Overy considera que Hitler e Stalin não eram pessoas normais, mas que também não eram mentalmente desequilibrados do ponto de vista clínico e que eram imputáveis pelas suas acções.

Ambos eram movidos por uma “dedicação sem reservas a uma causa, para a qual […] se consideravam os executores históricos”. Parte da obsessão com a morte que afligia ambos resultava do receio de não viverem o tempo suficiente para cumprir a missão de que se julgavam investidos.

É ilustrativa dessa absoluta convicção de ser um predestinado, a proclamação com que, a 1 de Abril de 1924, Hitler concluiu a sua defesa no tribunal de Munique, onde era acusado de ter instigado o “Putsch da Cervejaria”: “Mesmo que me pronunciem mil vezes ‘culpado’, a deusa eterna [a História] do tribunal eterno rasgará, rindo até às lágrimas, a petição do procurador de Estado e o julgamento do tribunal, pois ela declara-nos livres!”. Overy não o faz, mas teria sido oportuno confrontar esta afirmação com a confidência que Stalin um dia fez a Molotov: “Sei que depois de morrer lançarão um monte de infâmias sobre o meu túmulo. Mas o vento da História irá varrê-las inexoravelmente”. Ou, já agora, com a frase com que, a 16 de Outubro de 1953, Fidel Castro rematou o discurso de quatro horas perante o tribunal que o acusava do assalto ao quartel de Moncada: “A história absolver-me-á!”.

Overy realça outras similitudes entre as personalidades de Hitler e Stalin: ambos eram “impiedosos, oportunistas e flexíveis nas suas tácticas, e as suas acções políticas centravam-se sem rodeios na sua sobrevivência pessoal. Ambos foram subestimados, quer por colegas quer por adversários, que não foram capazes de perceber que personalidades tão modestas e discretas, quando em repouso, disfarçavam um núcleo duro de ambições, de implacabilidade política e de desprezo amoral pelos outros”.

Este desprezo está patente nesta confidência feita em meados dos anos 30 por Hitler a Hermann Rauschning, um aliado (temporário) dos nazis: “As massas são como um animal que obedece aos seus instintos. Não chegam a nenhuma conclusão por força do raciocínio […] Nas grandes concentrações de massas, o pensamento é suprimido”. Há uma frieza e uma falta de empatia similares na frase atribuída a Stalin de que “uma morte é uma tragédia, um milhão de mortes é uma estatística”.
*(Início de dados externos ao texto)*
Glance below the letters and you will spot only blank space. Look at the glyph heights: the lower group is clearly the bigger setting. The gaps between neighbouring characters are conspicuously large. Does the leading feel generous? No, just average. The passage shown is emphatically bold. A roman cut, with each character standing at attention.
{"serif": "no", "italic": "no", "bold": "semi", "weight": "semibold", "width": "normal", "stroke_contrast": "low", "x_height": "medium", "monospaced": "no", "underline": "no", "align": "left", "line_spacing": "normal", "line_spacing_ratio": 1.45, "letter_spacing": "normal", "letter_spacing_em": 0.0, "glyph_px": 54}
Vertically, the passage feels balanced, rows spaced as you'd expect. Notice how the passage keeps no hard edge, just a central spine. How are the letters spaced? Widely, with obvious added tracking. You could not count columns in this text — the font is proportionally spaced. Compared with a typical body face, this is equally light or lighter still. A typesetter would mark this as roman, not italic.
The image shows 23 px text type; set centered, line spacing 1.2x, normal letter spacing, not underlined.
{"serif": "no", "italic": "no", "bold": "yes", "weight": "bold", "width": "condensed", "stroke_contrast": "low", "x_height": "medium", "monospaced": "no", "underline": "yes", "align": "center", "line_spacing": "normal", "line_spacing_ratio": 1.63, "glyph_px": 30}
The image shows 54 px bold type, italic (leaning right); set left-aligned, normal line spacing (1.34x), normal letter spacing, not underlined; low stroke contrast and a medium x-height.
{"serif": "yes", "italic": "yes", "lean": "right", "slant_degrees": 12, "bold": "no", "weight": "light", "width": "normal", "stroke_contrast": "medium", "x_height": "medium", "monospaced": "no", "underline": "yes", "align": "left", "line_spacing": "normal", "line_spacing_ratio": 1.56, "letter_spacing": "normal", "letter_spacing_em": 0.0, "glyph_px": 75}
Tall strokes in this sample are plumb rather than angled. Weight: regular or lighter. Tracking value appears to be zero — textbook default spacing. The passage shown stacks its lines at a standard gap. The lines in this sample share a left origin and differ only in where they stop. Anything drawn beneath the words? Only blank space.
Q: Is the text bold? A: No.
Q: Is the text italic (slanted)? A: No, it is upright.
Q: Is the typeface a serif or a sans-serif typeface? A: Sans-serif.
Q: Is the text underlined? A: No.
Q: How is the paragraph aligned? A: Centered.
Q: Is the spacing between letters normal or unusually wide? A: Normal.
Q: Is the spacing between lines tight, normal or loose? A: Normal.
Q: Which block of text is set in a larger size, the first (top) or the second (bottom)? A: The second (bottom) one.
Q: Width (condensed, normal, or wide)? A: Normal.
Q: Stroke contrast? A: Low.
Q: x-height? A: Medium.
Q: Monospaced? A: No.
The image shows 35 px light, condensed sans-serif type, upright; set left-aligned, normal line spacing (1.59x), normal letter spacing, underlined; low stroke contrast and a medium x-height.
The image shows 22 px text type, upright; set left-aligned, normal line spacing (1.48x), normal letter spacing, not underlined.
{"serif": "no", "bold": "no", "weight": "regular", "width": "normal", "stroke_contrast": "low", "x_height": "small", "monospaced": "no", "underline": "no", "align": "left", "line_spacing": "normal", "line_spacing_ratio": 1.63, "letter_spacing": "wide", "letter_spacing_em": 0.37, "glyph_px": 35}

Congresso do Partido Nazi em Nuremberga, Setembro de 1937

A imagem do líder

Os dois ditadores divergiam muito nas capacidades oratórias e postura: nos anos que se seguiram à Revolução de Outubro, Stalin era uma figura apagada, de aparência “modesta e discreta, sem nada do fulgor e segurança intelectual evidenciadas por muitos dos seus camaradas. A sua voz é recordada como ‘átona’, os seus dotes oratórios eram diminutos, lia devagar textos previamente preparados, com pausas e engasgos ocasionais”.

[Discurso de Stalin sobre a nova constituição soviética, no Teatro Bolshoi, Moscovo, a 11 de Dezembro de 1937: é difícil decidir o que é mais impressionante, se a banalidade do que é dito, se a displicência e falta de jeito do orador, se o entusiasmo acéfalo com que cada palavra é recebida]

https://youtu.be/nLqplbwD644

Parte desta postura era dissimulação, mas a verdade é que Stalin nunca foi um orador convincente, ao contrário de Hitler, que, ao longo da década de 1920, “conseguiu transformar as suas lengalengas enfadonhas na triunfante oratória pública que se tornou o seu atributo mais visível”.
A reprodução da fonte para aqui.